“Ekonomik darboğazın nedeni, üretici örgütlenmesinin zayıf olmasıdır”
Üretici birlikleri, çok ortaklı çiftçi şirketleri gibi örgütlenme önerileri çiftçinin sorunlarına çözüm olarak sunuluyor ve tartışmalar aralıksız devam ediyor. Üretici örgütlenmesi anlamında en önemli kuruluşlardan biri de Tarım Kredi Kooperatifleri (TKK). Yasaya dayalı varlığı ve artık ülkenin en ücra köşesine kadar uzanan etkinliğiyle TKK, son yıllarda gözle görülür bir değişim içinde ve her geçen gün itibarı, etkinliği artıyor. Antalya Bölge Birliği de kuruluşun iş hacmi yüksek birliklerinden biri. Tarım Kredi Kooperatifleri Antalya Bölge Birliği Bölge Müdürü A. Naci Yorgancılar ile Kooperatif’in bölgedeki etkinliğini ve sektörü etkisi altına alan ekonomik sorunları konuştuk…
Naci Bey önce Bölge Birliği’nden kısaca söz edelim; potansiyeliniz nedir? Kaç tane kooperatif bağlı Birlik’e? Kaç ortağınız var?
Antalya Bölge Birliği Antalya, Burdur ve Isparta illerinde faaliyet gösteren 87 tane tarım kredi kooperatifi, 22 tane hizmet bürosu ile 61.000 çiftçi ortağına hizmet götürüyor.

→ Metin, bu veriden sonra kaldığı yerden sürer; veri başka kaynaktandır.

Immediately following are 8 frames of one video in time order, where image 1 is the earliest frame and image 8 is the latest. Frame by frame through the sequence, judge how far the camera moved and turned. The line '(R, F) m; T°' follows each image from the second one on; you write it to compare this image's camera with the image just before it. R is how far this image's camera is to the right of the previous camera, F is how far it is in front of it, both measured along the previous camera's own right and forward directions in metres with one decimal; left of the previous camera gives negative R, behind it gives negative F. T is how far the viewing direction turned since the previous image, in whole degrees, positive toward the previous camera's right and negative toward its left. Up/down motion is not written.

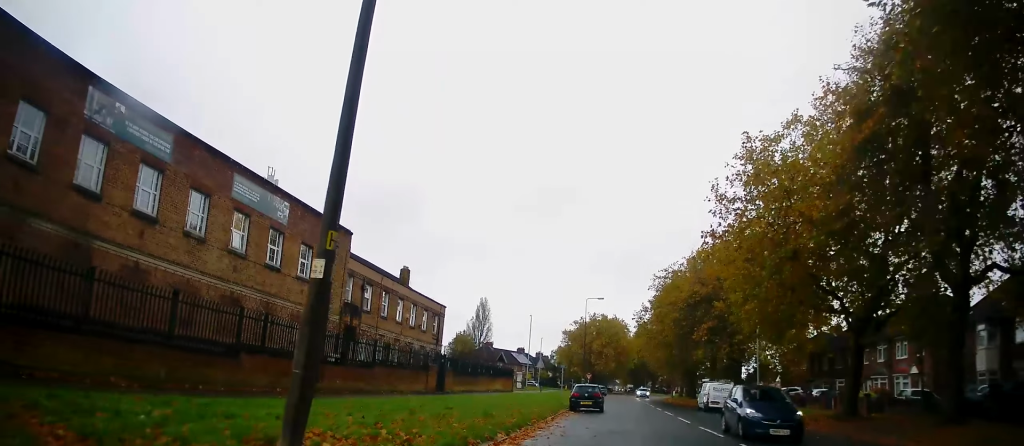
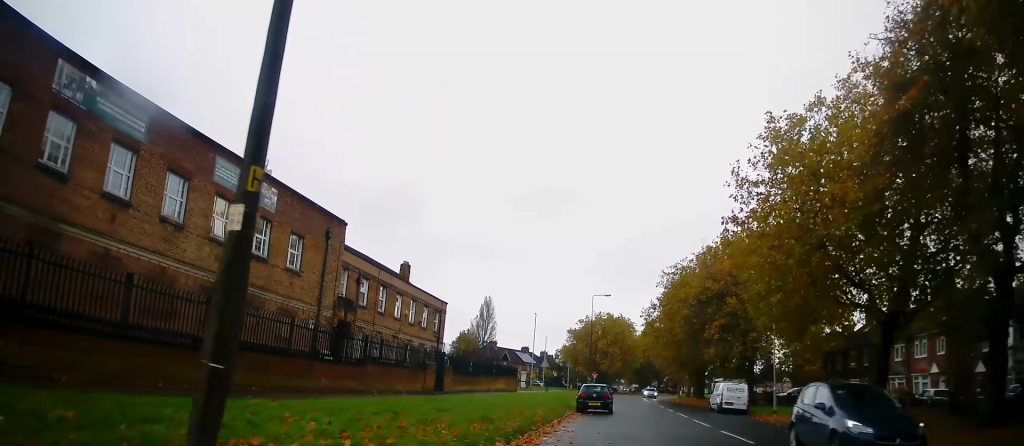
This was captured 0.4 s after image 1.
(+0.1, +2.0) m; +2°
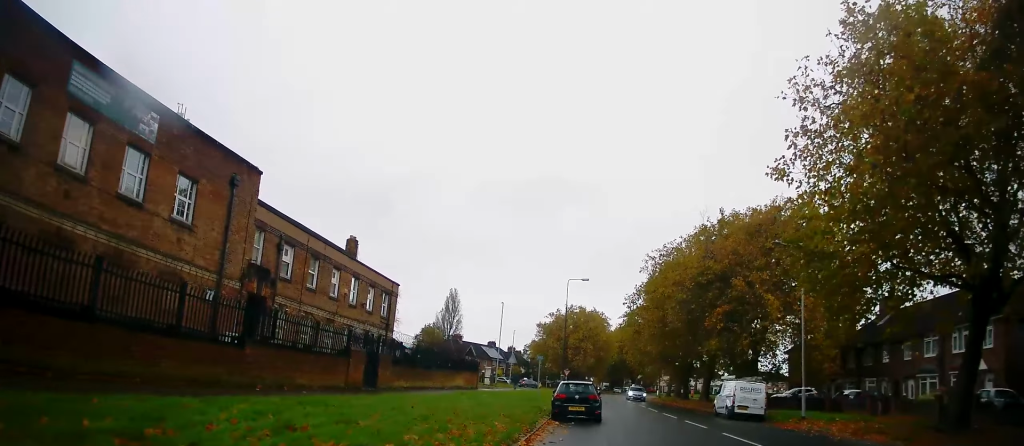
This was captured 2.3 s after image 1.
(-0.2, +7.4) m; +2°
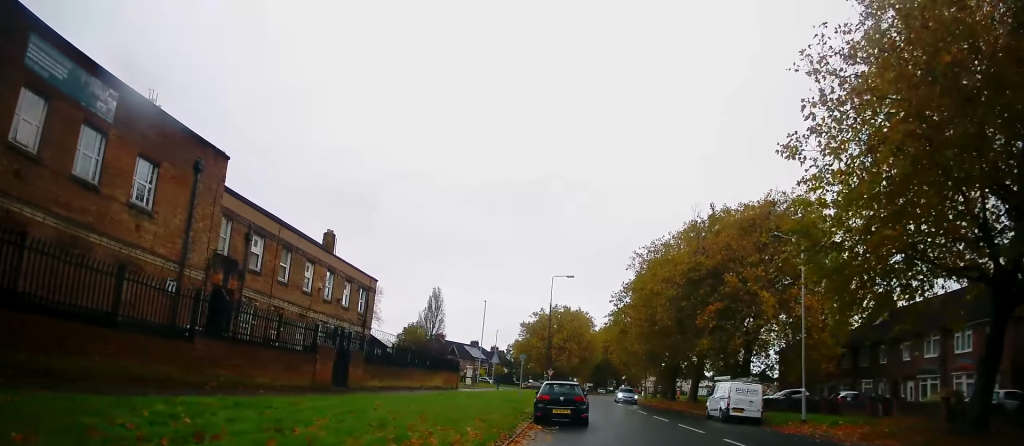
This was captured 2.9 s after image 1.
(+0.2, +1.6) m; +6°
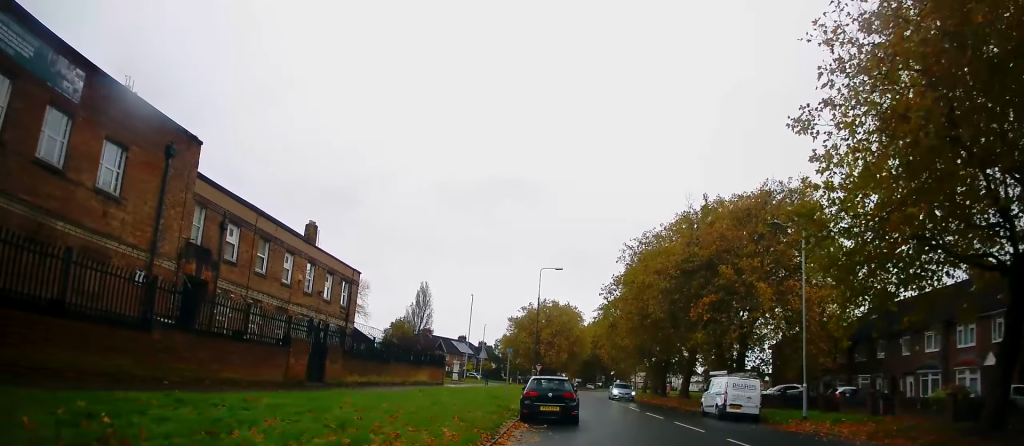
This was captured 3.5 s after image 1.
(+0.1, +1.4) m; +6°
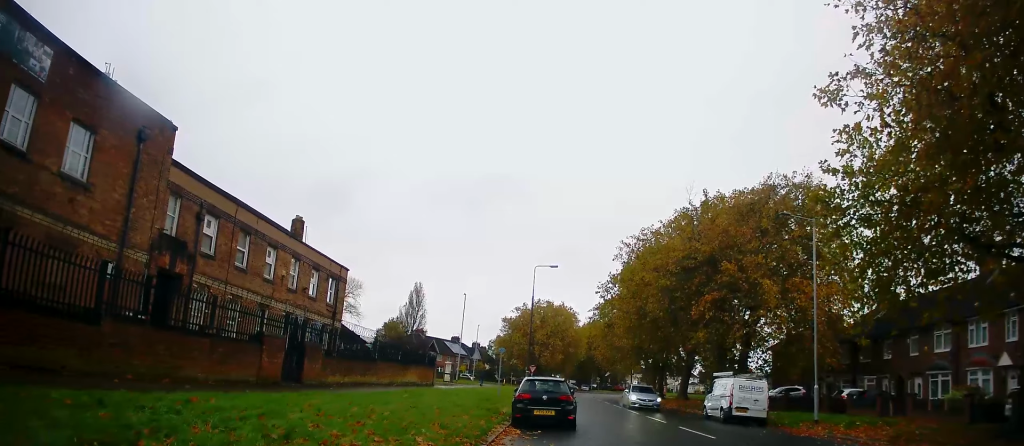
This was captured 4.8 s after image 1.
(0.0, +1.4) m; 0°
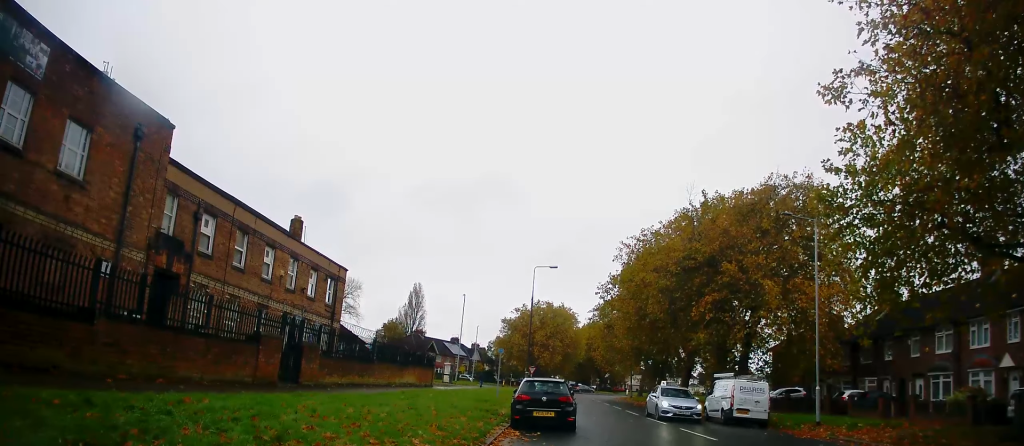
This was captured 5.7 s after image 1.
(-0.1, +0.2) m; 0°
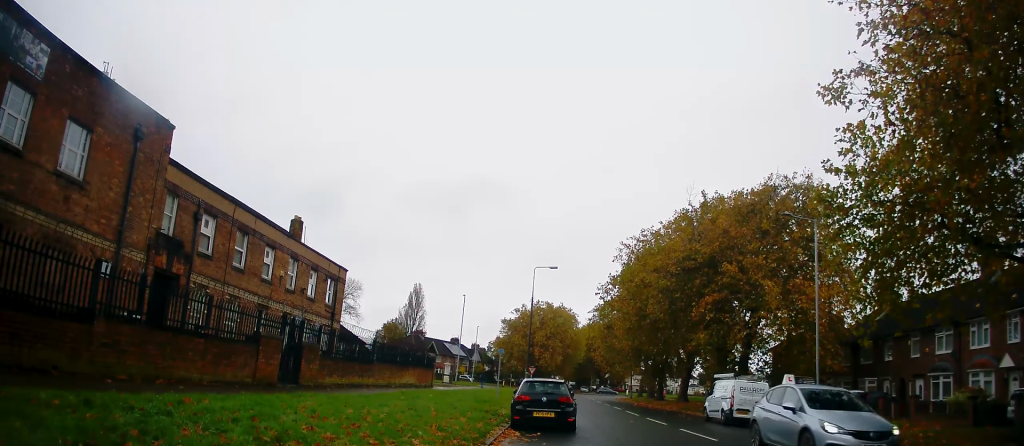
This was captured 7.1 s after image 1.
(0.0, 0.0) m; 0°
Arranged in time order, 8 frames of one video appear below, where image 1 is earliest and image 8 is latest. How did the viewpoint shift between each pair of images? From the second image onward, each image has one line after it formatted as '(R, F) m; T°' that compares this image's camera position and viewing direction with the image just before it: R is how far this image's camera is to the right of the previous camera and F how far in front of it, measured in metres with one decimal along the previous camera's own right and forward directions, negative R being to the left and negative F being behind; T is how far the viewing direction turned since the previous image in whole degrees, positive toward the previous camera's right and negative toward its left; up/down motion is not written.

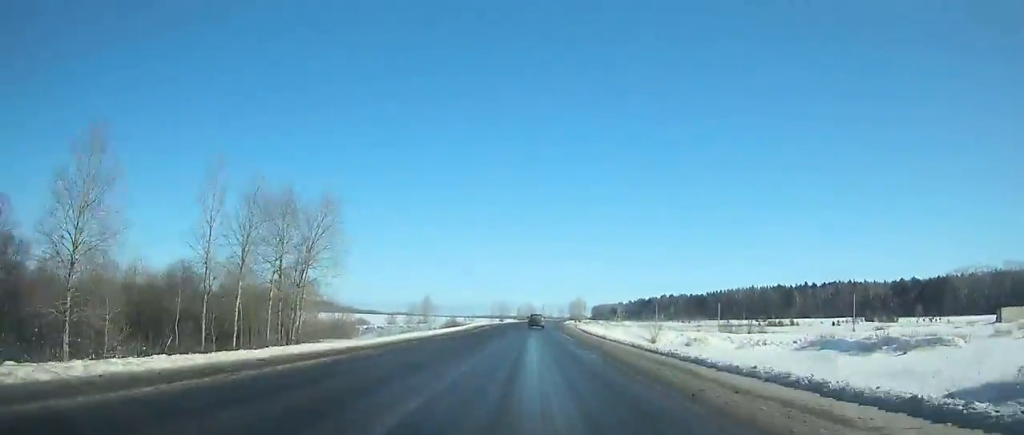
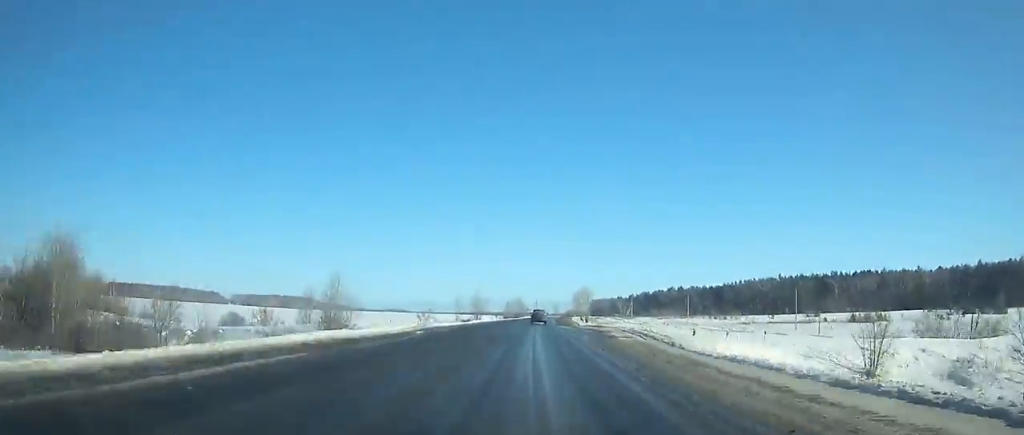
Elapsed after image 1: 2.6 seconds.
(+0.6, +60.1) m; +1°
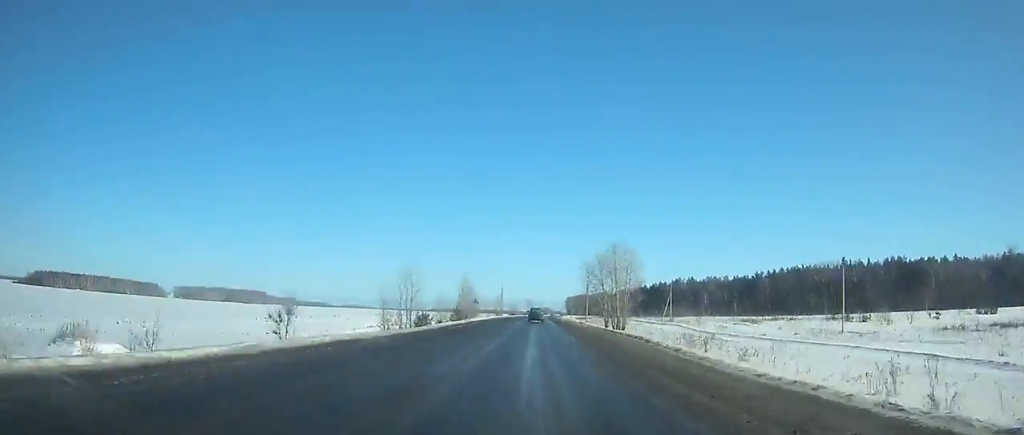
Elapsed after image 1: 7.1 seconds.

Tarım Kredi Kooperatifleri, ekim-dikim sürecinden, hasada kadar çiftçinin ne ihtiyacı varsa, ayni
ya da nakdi, karşılamaya muktedirdir. Yılsonu itibari ile 87 kooperatifimiz marifetiyle 202,5 milyon TL tutarında kredi kullandırdık. Bunların dönüşleri de % 98’ler civarındadır. Çiftçi hem borcuna, hem kurumuna sahip çıkıyor. Aldığı krediyi vaktinde ödüyor. Bölge Birliği olarak iki yıl önce bu rakamlar 120 milyon TL civarında idi. Geldiğimiz noktada bugün, 200 milyonun üzerine çıktı. Bu yıl 31 Aralık hedefi olarak 255 milyon TL civarında kredi kullandırmayı hedefliyoruz. Bunların planlamalarını yaptık.
“ORTAK OLSUN OLMASIN BÜTÜN ÜRETİCİLERE 7/24 HİZMET VERİYORUZ”
87 kooperatifimizin 80’inde ziraat mühendisi istihdam ediyoruz. Bu ziraat mühendisi arkadaşlarımız kapımızı çalan her çiftçiye, her hangi bir ücret gerekmeksizin tarımsal danışmanlık hizmetleri de veriyor. Tarım Kredi Kooperatifleri ortağı olsun, olmasın bütün çiftçilerimize, gerekirse serasına, tarlasına kadar giderek yardımcı olmaya çalışıyoruz. Yani sadece kredi verelim, alalım; öyle değil. Adı üstünde biz kooperatif teşkilatıyız. Amacımız kârlılık değil ama oluşan maliyetleri de bir işletme olarak dengelememiz gerekiyor. Sonuçta kooperatif işletmesiyiz. Bu noktada da tabi, bir esnaf gibi düşünmüyoruz; yani, ‘ben % 20-30 kâr yapmazsam bu malı satmam’ gibi bir düşüncemiz, anlayışımız yok. Kooperatif teşkilatı olarak, uygun fiyatlarla bütün girdileri sağlama imkânımız var. Bu bağlamda ortağımız olmayan bütün çiftçileri en yakın tarım kredi kooperatifine bir çay, kahve içmeye davet ediyorum. Sizin aracılığınızla bir davet olsun. Gelip sorsunlar lütfen “Ya, siz burada ne yapıyorsunuz?” diye. Tarım Kredi Kooperatifleri’nde çok şey değişti. Değişim, dönüşüm sağlıklı bir şekilde devam ediyor. Artık cumartesi günleri de imkânımız olan yerlerde kooperatifleri açmaya çalışıyoruz. Bu yıl uygulamasını başlattık, inşallah güzel sonuçlar alırız. Antalya tarımına, Isparta tarımına, Burdur tarımına; dolayısıyla Türk tarımına ciddi katkılar vermeye çalışıyoruz.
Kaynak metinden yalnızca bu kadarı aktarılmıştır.